Which is one of the reasons why Rust can (should) eat Go's lunch. All it's missing are lightweight coroutines and concurrent IO.
And I didn't know Mio supports Windows now — that's good news! If Mio stabilizes and Rust gets lightweight coroutines (probably requiring compiler support), Rust could be the best of all worlds.
Both of those languages will semantically deadlock: forget to send a message on a channel and a different thread will sit there waiting forever. It's not a mutex-deadlock, but it achieves the same thing. Neither of those languages protects against this. (And Rust has exactly that level of "deadlock" freedom: it has channels too.)
In any case, you seem to be ignoring what everyone is saying: Rust doesn't guarantee deadlock freedom, but it still tries to help. Mutexes can be an important building for some things, but they're not the final story. There's atomics and channels in the standard library right now, and now that 1.0 is released, there'll be a growth of even better abstractions.

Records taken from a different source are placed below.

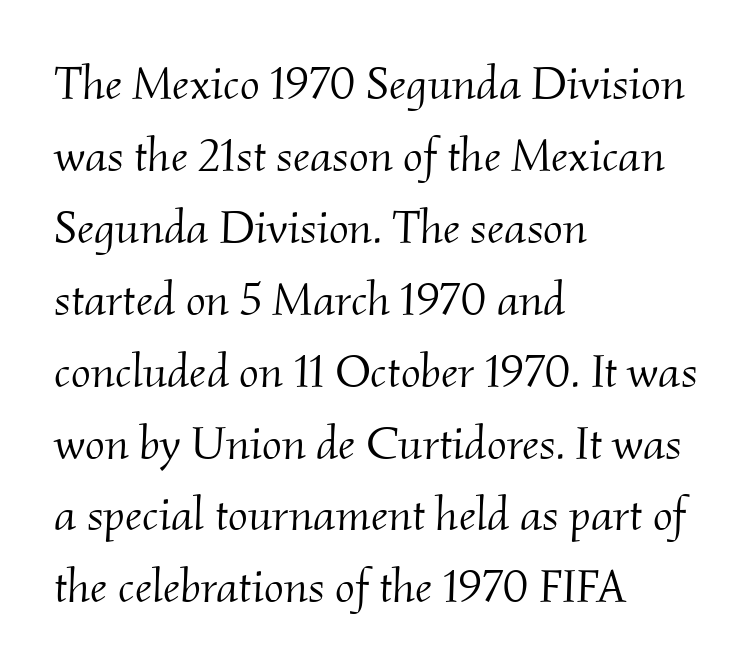
{"serif": "yes", "italic": "yes", "lean": "right", "slant_degrees": 2, "bold": "no", "weight": "light", "width": "normal", "stroke_contrast": "medium", "x_height": "small", "monospaced": "no", "underline": "no", "align": "left", "line_spacing": "normal", "line_spacing_ratio": 1.53, "letter_spacing": "normal", "letter_spacing_em": 0.0, "glyph_px": 47}
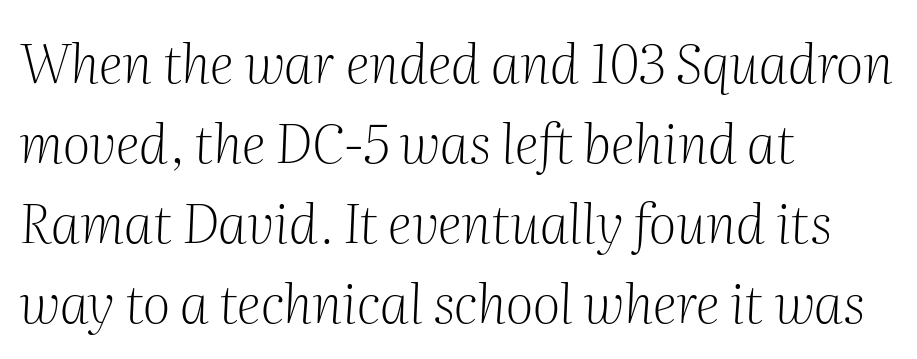
Q: Is the text bold? A: No.
Q: Is the text italic (slanted)? A: Yes, it leans right by about 2 degrees.
Q: Is the typeface a serif or a sans-serif typeface? A: Serif.
Q: Is the text underlined? A: No.
Q: How is the paragraph aligned? A: Left-aligned.
Q: Is the spacing between letters normal or unusually wide? A: Normal.
Q: Is the spacing between lines tight, normal or loose? A: Normal.
Q: Width (condensed, normal, or wide)? A: Normal.
Q: Stroke contrast? A: Medium.
Q: x-height? A: Medium.
Q: Monospaced? A: No.
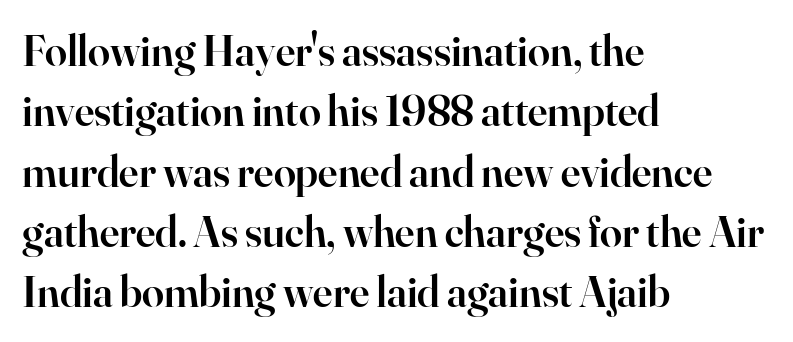
The image shows 44 px semibold serif type, upright; set left-aligned, normal line spacing (1.37x), normal letter spacing, not underlined; high stroke contrast and a small x-height.
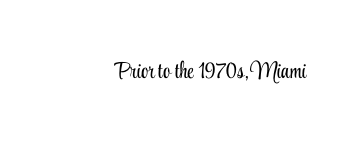
The image shows 23 px text type; set normal letter spacing, not underlined.
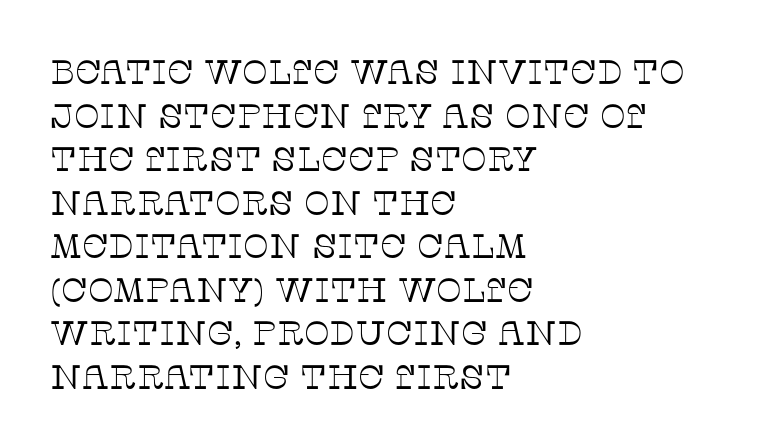
{"serif": "yes", "italic": "no", "bold": "no", "weight": "thin", "width": "normal", "stroke_contrast": "low", "x_height": "large", "monospaced": "no", "underline": "no", "align": "left", "line_spacing": "normal", "line_spacing_ratio": 1.28, "letter_spacing": "normal", "letter_spacing_em": 0.0, "glyph_px": 34}
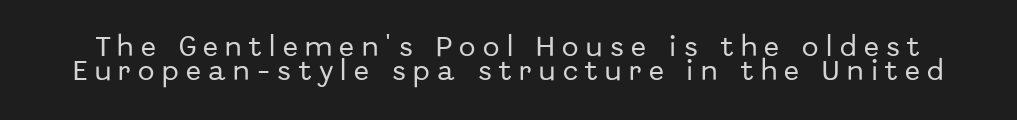
{"italic": "no", "underline": "no", "line_spacing": "tight", "line_spacing_ratio": 1.1, "letter_spacing": "wide", "letter_spacing_em": 0.34, "glyph_px": 22}
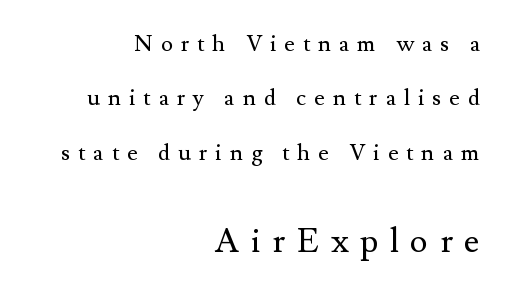
Q: Is the text bold? A: No.
Q: Is the text italic (slanted)? A: No, it is upright.
Q: Is the typeface a serif or a sans-serif typeface? A: Serif.
Q: Is the text underlined? A: No.
Q: How is the paragraph aligned? A: Right-aligned.
Q: Is the spacing between letters normal or unusually wide? A: Unusually wide.
Q: Is the spacing between lines tight, normal or loose? A: Loose.
Q: Which block of text is set in a larger size, the first (top) or the second (bottom)? A: The second (bottom) one.
Q: Width (condensed, normal, or wide)? A: Normal.
Q: Stroke contrast? A: Medium.
Q: x-height? A: Small.
Q: Monospaced? A: No.
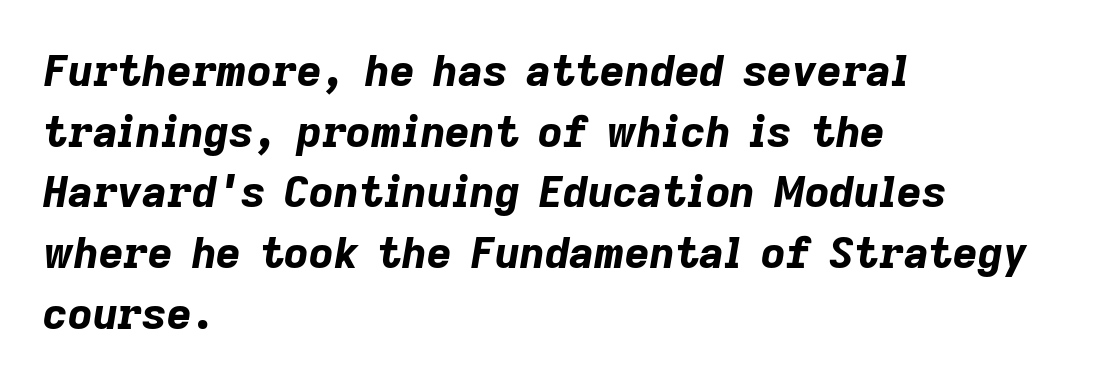
Normally led — the rows are evenly, conventionally spaced. Honestly, there is no underline to notice here at all. Would a proofreader flag this as italicized? Yes. Do the characters align in a grid? No, the font is proportional.
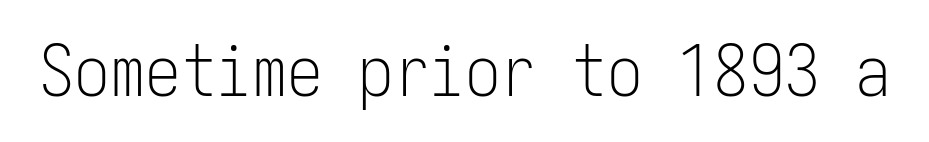
Q: Is the text bold? A: No.
Q: Is the text italic (slanted)? A: No, it is upright.
Q: Is the typeface a serif or a sans-serif typeface? A: Sans-serif.
Q: Is the text underlined? A: No.
Q: Is the spacing between letters normal or unusually wide? A: Normal.
Q: Width (condensed, normal, or wide)? A: Condensed.
Q: Stroke contrast? A: Low.
Q: x-height? A: Medium.
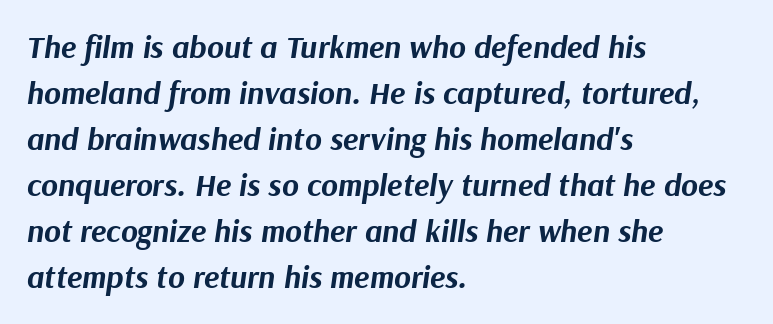
{"italic": "yes", "lean": "right", "slant_degrees": 9, "bold": "yes", "weight": "bold", "width": "normal", "stroke_contrast": "medium", "x_height": "medium", "monospaced": "no", "underline": "no", "align": "left", "line_spacing": "normal", "line_spacing_ratio": 1.44, "letter_spacing": "normal", "letter_spacing_em": 0.0, "glyph_px": 32}

One of the people working full time on Rust has a PhD in concurrent programming, and has it as a personal goal to make Rust great at it. You can see his initial work on his blog[1], and read his thesis which introduces "reagents" (something he has expressed interest in implementing in Rust)[2].
Either way, redefining the word does nothing to make mutexes and native threads safer or easier to use in practice.
I can't emphasize this enough — data races are not the only kind of concurrent programming error, yet they are the only kind prevented by borrow checking. Go, Erlang, and Node have high level approaches to concurrency that reduce other categories of errors (in addition to providing massive performance benefits vs. naive native threading).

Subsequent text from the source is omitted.